Imagine you have a series of n points randomly generated in a box in 3D space. You also have a list of distance bounds, e.g. points 5 and 3 should be between 1.0 and 2.0 Angstroms apart.
There are various methods to get from random coordinates to a solution that fills some or all distance bounds. Below is an implementation of Stochastic Proximity Embedding, one such method, in Julia. I am looking for input on improving the speed.
function run_spe(present_i, present_j, bounds_lower, bounds_upper, no_atoms)
squares_lower = bounds_lower .* bounds_lower
squares_upper = bounds_upper .* bounds_upper
learning_rate = 1.0
coord_new_i = zeros(3)
coord_new_j = zeros(3)
bound_near = 0.0
no_cycles = 1500
no_steps = 70000
no_bounds = length(present_i)
# Generate random starting coordinates
coords = rand!(zeros(3, no_atoms)) * 100.0
for cycle in 1:no_cycles
for step in 1:no_steps
# Pick a random bound from the list of bounds
rand_ind = rand(1:no_bounds)
i = present_i[rand_ind]
j = present_j[rand_ind]
# Compute square distance between atoms
sq_dist = 0.0
for m = 1:3
sq_dist += abs2(coords[m, i] - coords[m, j])
end
# Check if square distance is within bounds
# If it is, go to the next iteration
# If it is not, find the nearest bound
if sq_dist < squares_lower[rand_ind]
bound_near = bounds_lower[rand_ind]
elseif sq_dist > squares_upper[rand_ind]
bound_near = bounds_upper[rand_ind]
else
continue
end
# Adjust coordinates to bring them closer to the nearest bound
distance = sqrt(sq_dist)
prefactor = learning_rate * 0.5 * (bound_near - distance) / distance
for k in 1:3
coord_new_i[k] = coords[k, i] + prefactor * (coords[k, i] - coords[k, j])
coord_new_j[k] = coords[k, j] + prefactor * (coords[k, j] - coords[k, i])
end
for l in 1:3
coords[l, i] = coord_new_i[l]
coords[l, j] = coord_new_j[l]
end
end
# Decrease learning rate after each cycle
learning_rate -= 1 / no_cycles
end
return coords
end
present_i/present_j are lists of indices. bounds_lower/bounds_upper are lists of distances. For example, present_i[10] = 5, present_j[10] = 3, bounds_lower[10] = 1.0, bounds_upper[10] = 2.0 would mean the tenth bound corresponds to the example bound above.

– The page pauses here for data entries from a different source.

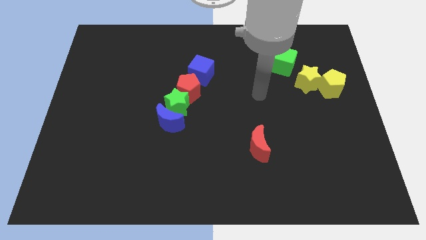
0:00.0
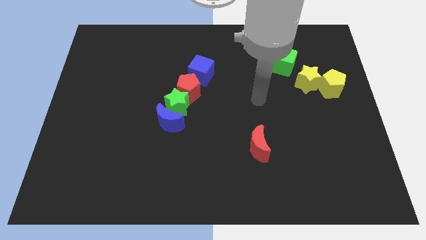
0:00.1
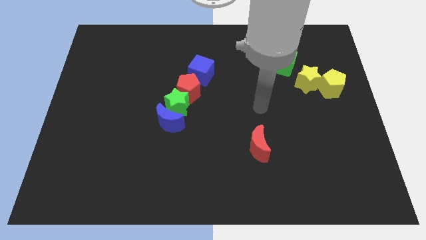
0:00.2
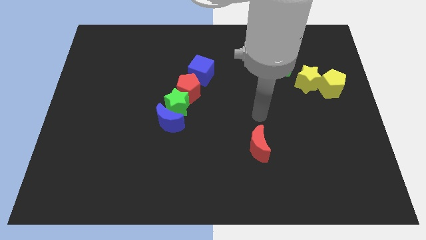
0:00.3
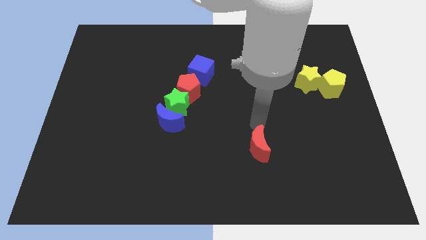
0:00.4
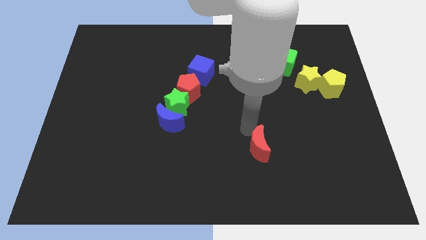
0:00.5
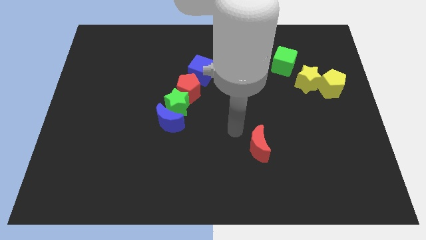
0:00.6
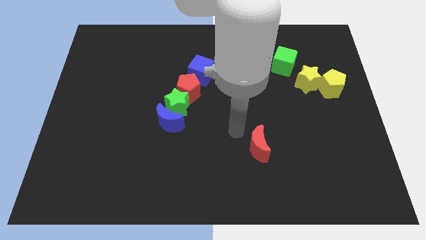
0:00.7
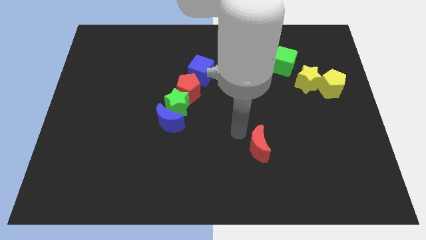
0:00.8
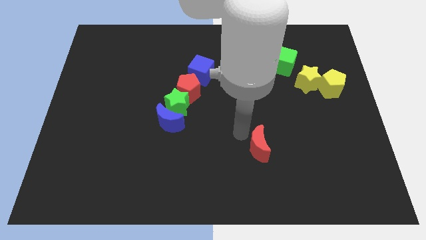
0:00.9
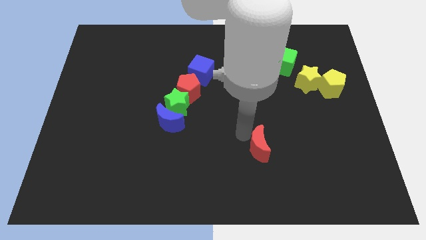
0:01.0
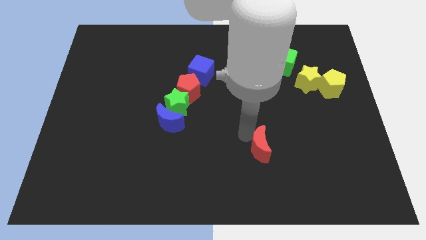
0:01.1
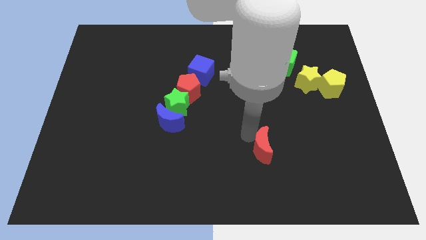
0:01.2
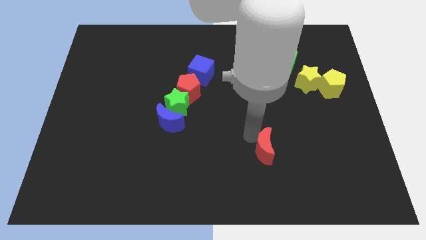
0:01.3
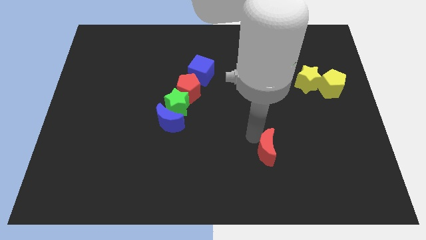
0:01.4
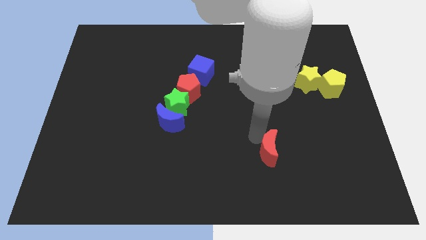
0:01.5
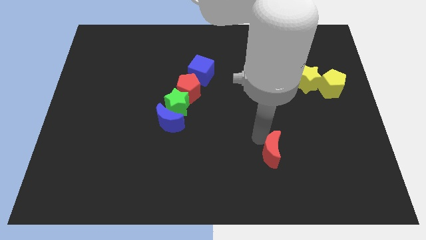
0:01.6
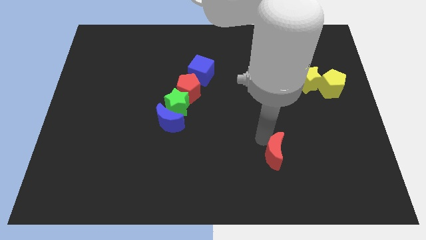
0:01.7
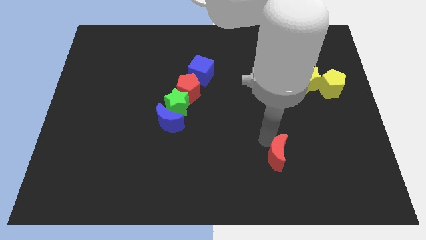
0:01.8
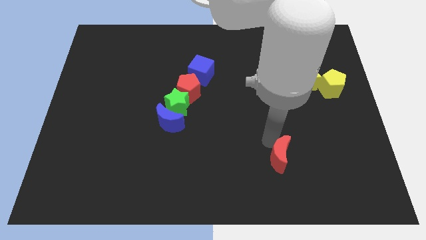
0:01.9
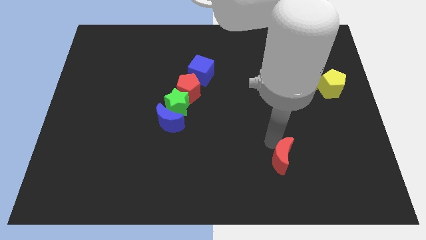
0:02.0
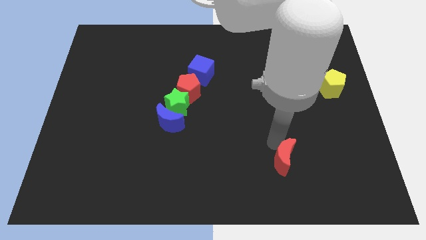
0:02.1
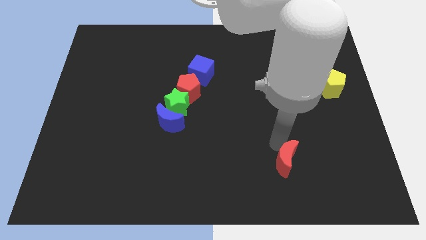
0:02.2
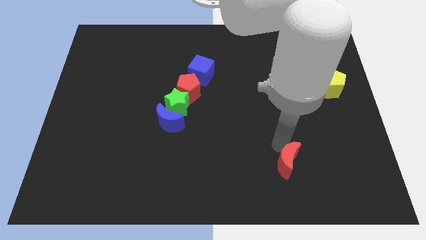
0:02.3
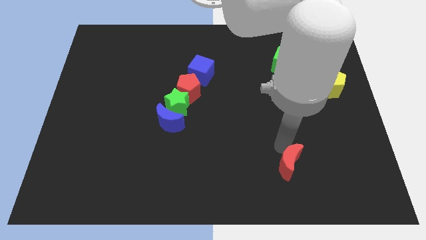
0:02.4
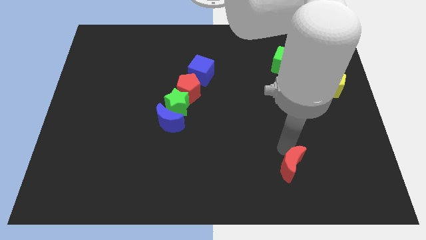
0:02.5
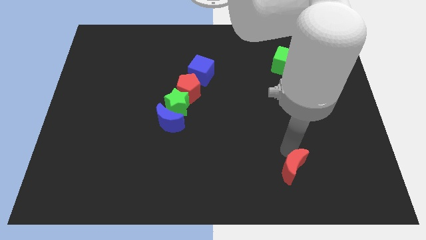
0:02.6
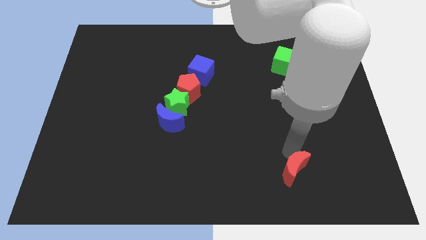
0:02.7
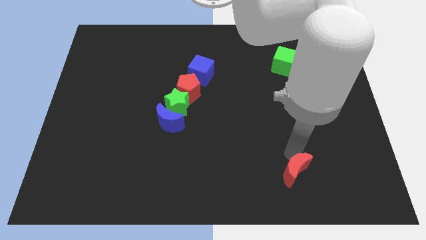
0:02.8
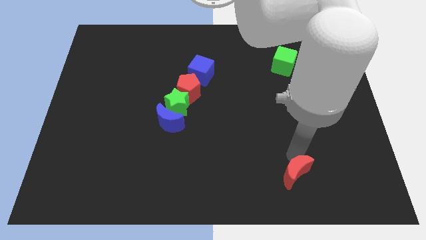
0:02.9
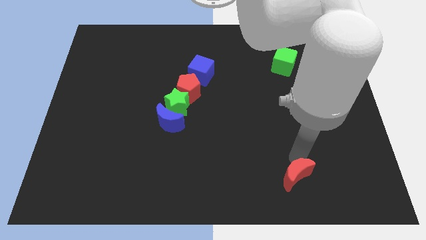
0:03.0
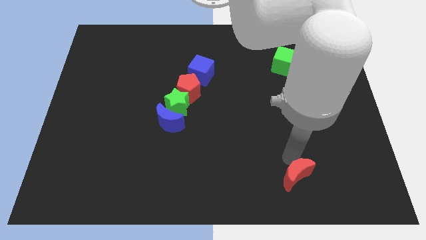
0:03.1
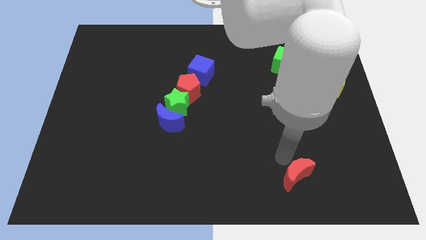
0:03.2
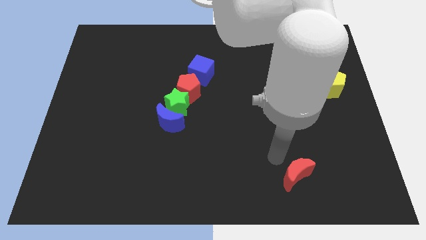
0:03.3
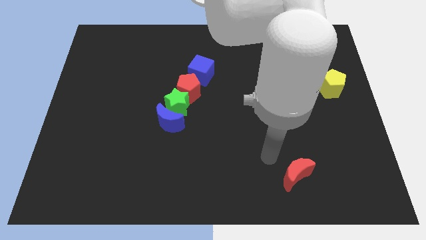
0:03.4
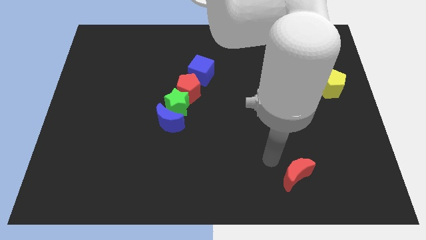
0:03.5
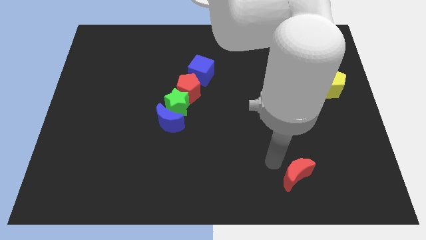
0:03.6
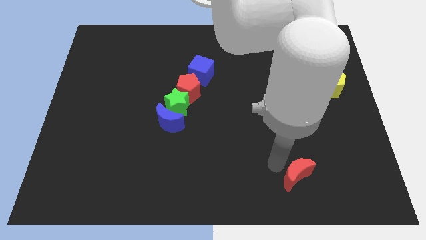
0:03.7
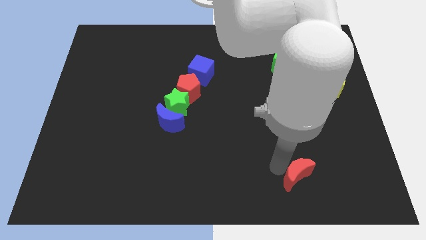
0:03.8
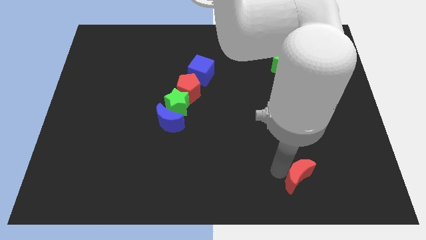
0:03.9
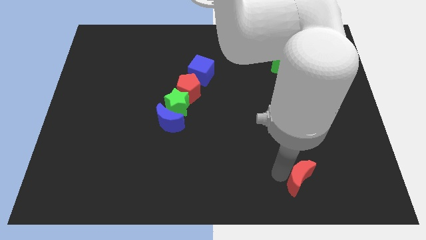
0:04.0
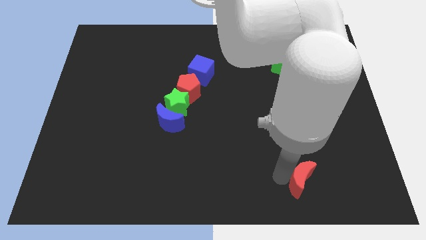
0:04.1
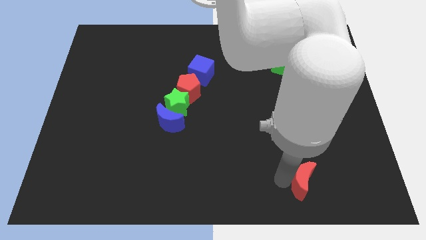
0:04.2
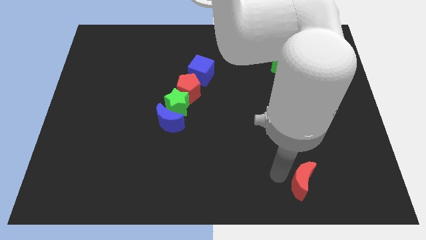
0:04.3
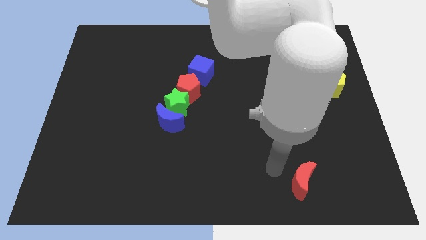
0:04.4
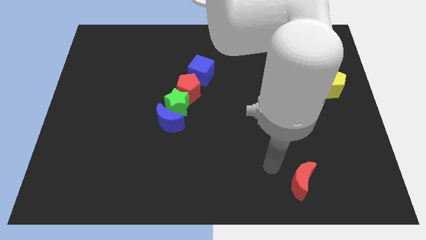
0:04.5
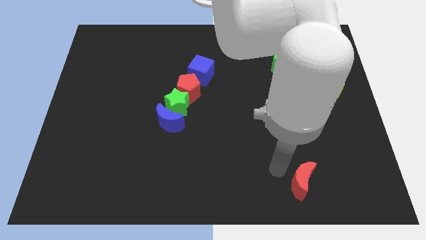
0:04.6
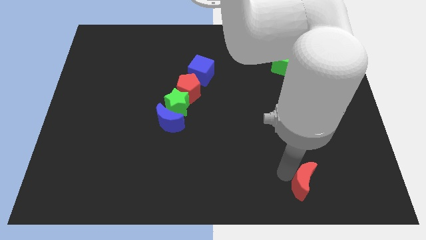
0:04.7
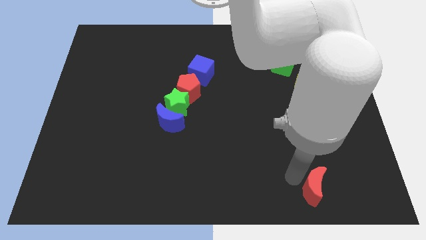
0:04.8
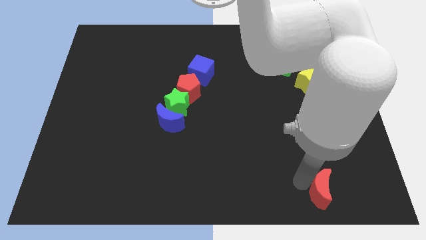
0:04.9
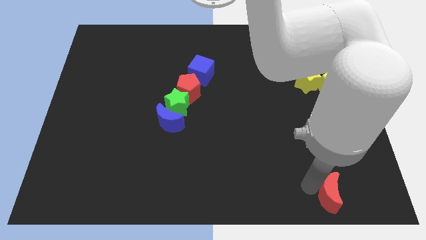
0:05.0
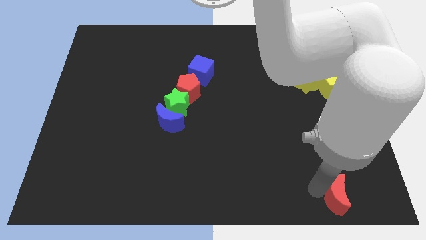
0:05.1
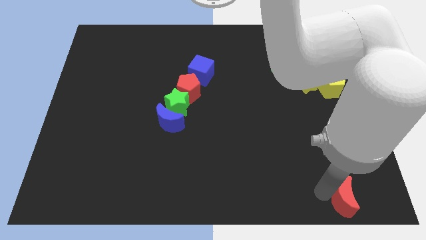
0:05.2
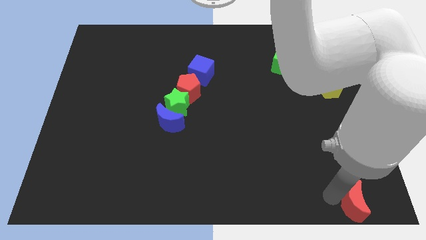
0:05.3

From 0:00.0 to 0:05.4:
put the red moon to the bottom right

I have done a bit of profiling and the major bottlenecks are the initial lines in the inner loop (from rand_ind up to continue). Ideally Julia tricks to speed individual steps up would be helpful, but if there is a better data structure than the lists I use that would also be good.
Sample data can be found here for testing and read in using something quick like:
# Set in_filepath as path to downloaded and uncompressed file
present_i = Int[]
present_j = Int[]
bounds_lower = Float64[]
bounds_upper = Float64[]
no_atoms = 2035
open(in_filepath, "r") do in_file
for line in eachline(in_file)
cols = split(strip(line), '\t')
push!(present_i, int(cols[1]))
push!(present_j, int(cols[2]))
push!(bounds_lower, float(cols[3]))
push!(bounds_upper, float(cols[4]))
end
end